Pakistani flood-threatened villagers travel along a bridge with their belongings and cattle as they evacuate Sajawal in Sindh province on August 26, 2010. Pakistan ordered nearly half a million people to evacuate towns on August 26 as rising floods threaten further havoc in a country straining to cope after its worst humanitarian disaster. The United Nations warned that 800,000 people in desperate need of aid had been cut off by the deluge across the country and appealed for more helicopters to deliver supplies to those people reachable only by air. Photo courtesy AFP.
by Staff Writers
Thatta, Pakistan (AFP) Aug 27, 2010
Flood-ravaged Pakistan ordered nearly half a million people to evacuate towns Thursday as the United Nations vowed to forge ahead with relief operations despite threats against foreign aid workers.

Torrential monsoon rains triggered massive floods affecting a fifth of the volatile country -- an area roughly the size of England -- where US officials have reported threats by the Taliban.

But UN humanitarian chief John Holmes pledged relief operations would continue.

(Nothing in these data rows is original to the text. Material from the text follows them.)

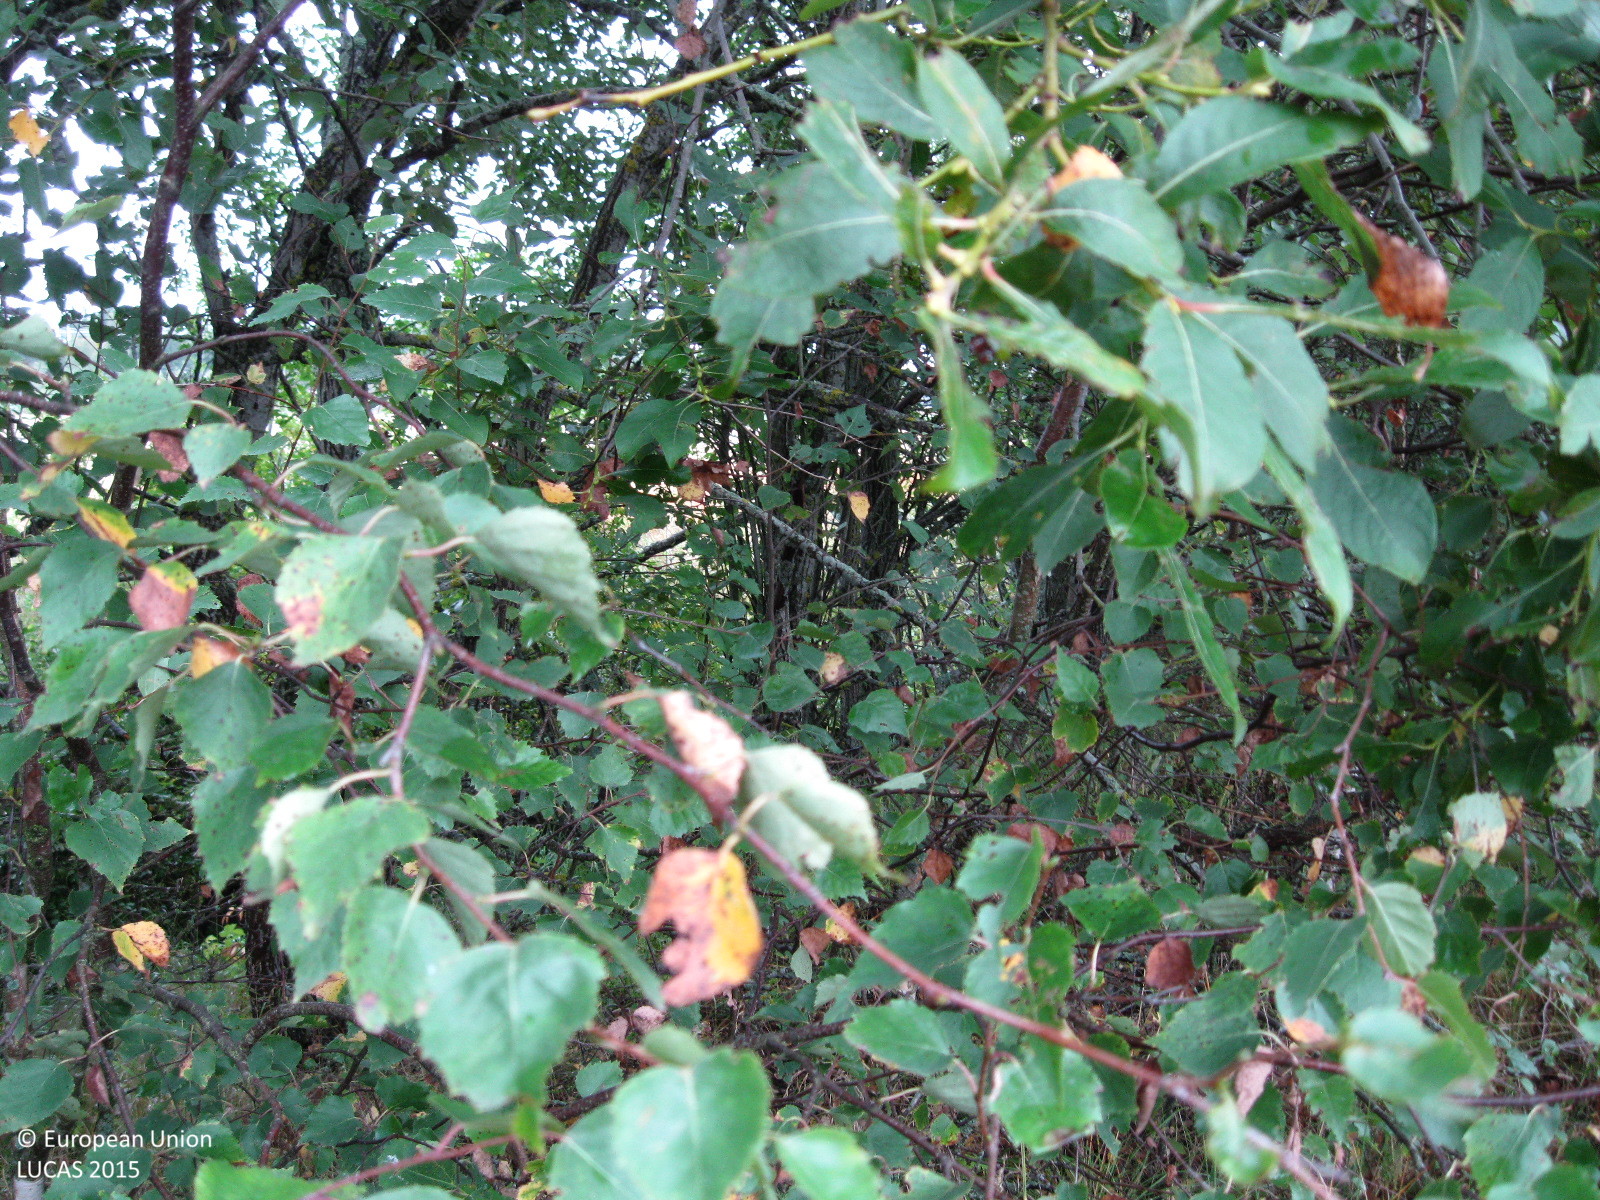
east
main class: Cropland
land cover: Oats
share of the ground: > 75 %
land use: Agriculture (excluding fallow land and kitchen gardens)
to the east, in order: Oats; Broadleaved woodland; Rivers and streams; Broadleaved woodland; Spontaneously vegetated surfaces; Oats
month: September
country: FI
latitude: 60.4540
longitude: 24.6724
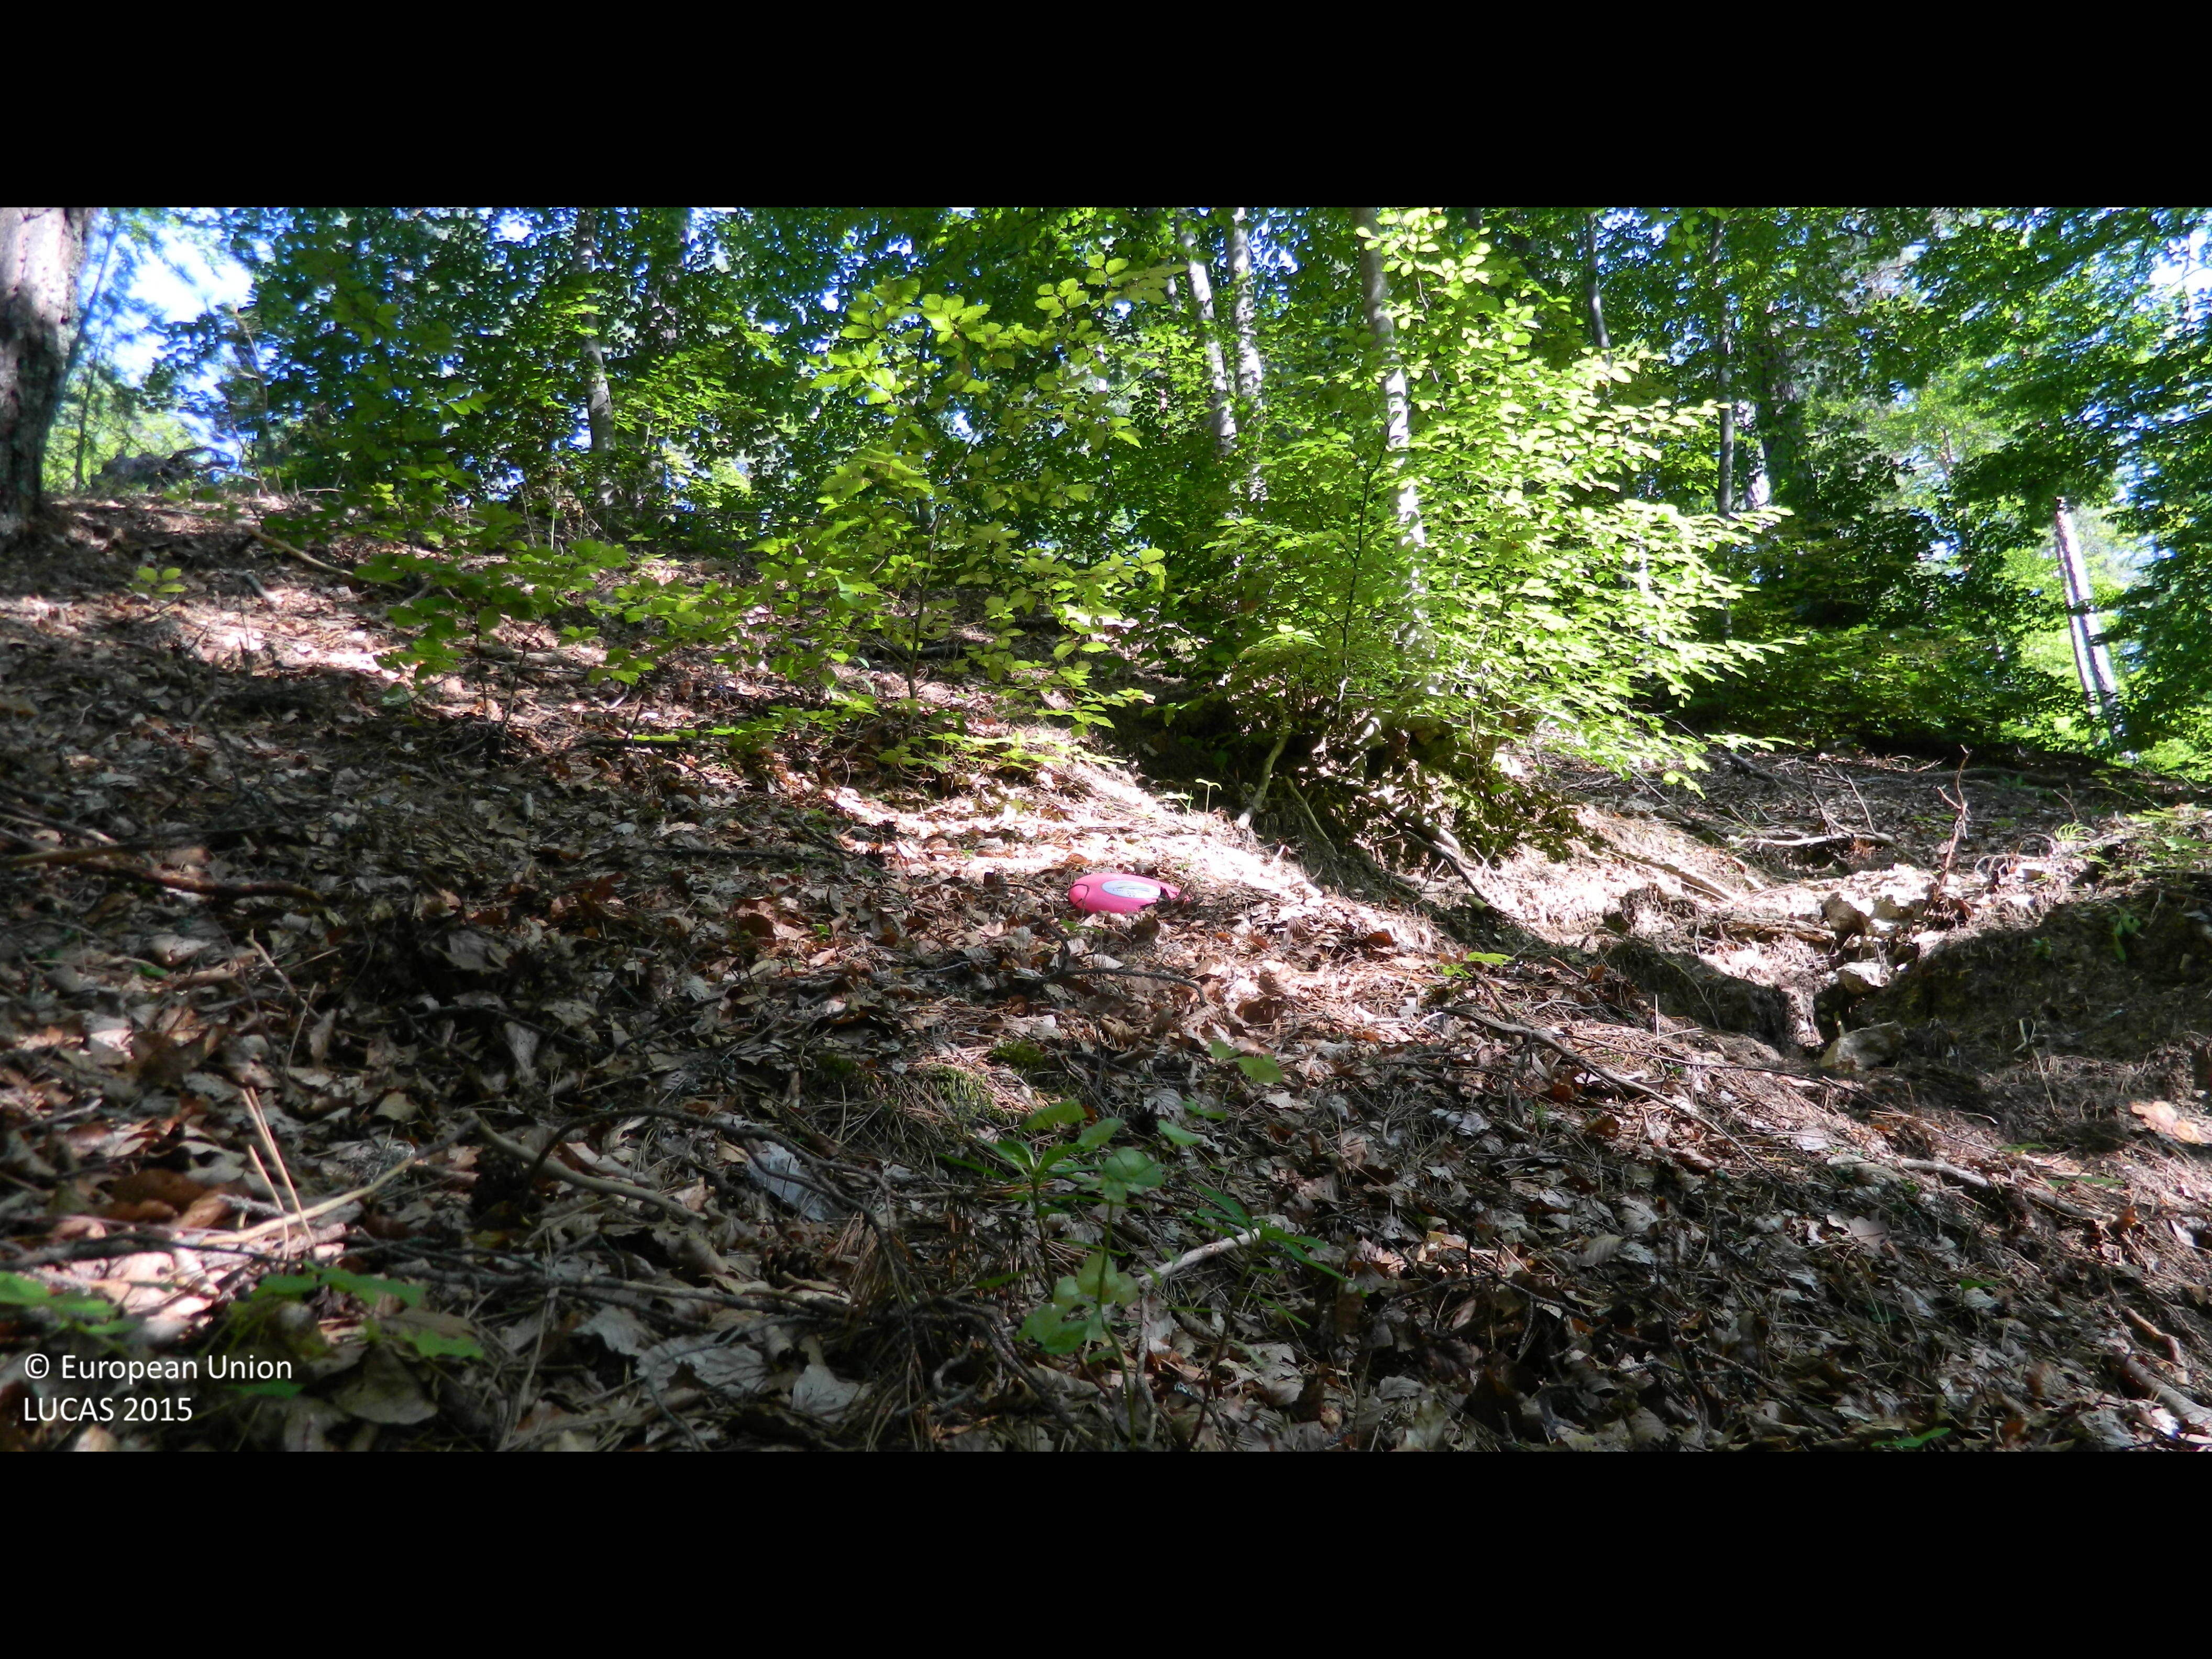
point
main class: Woodland
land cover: Broadleaved woodland
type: mountainous beech forest
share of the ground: > 75 %
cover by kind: broadleaved forest trees 85 %, coniferous forest trees 10 %, unconsolidated bare surface 5 %
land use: Forestry
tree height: > 5 m
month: July
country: BG
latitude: 41.5413
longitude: 24.8012

"We will not be deterred from doing what we believe we need to do, which is to help the people of Pakistan," he told a news conference at the world body's headquarters in New York.

"Those threats existed before the floods and we've always known that the security issues are there," he said.

As the crisis deepened, villagers in the south fled from where the Indus delta merges with the Arabian Sea, trailing north in vans laden with furniture, crowded into buses, or in carts pulled by oxen. Some people were on foot, leading their livestock.

Water lined the road from Hyderabad to Thatta town, as workers frantically used bulldozers to dig embankments only just higher than the flooding, and where people camped out under open skies or in makeshift tents.

The catastrophe has already affected more than 17 million people and left eight million dependent on aid to survive.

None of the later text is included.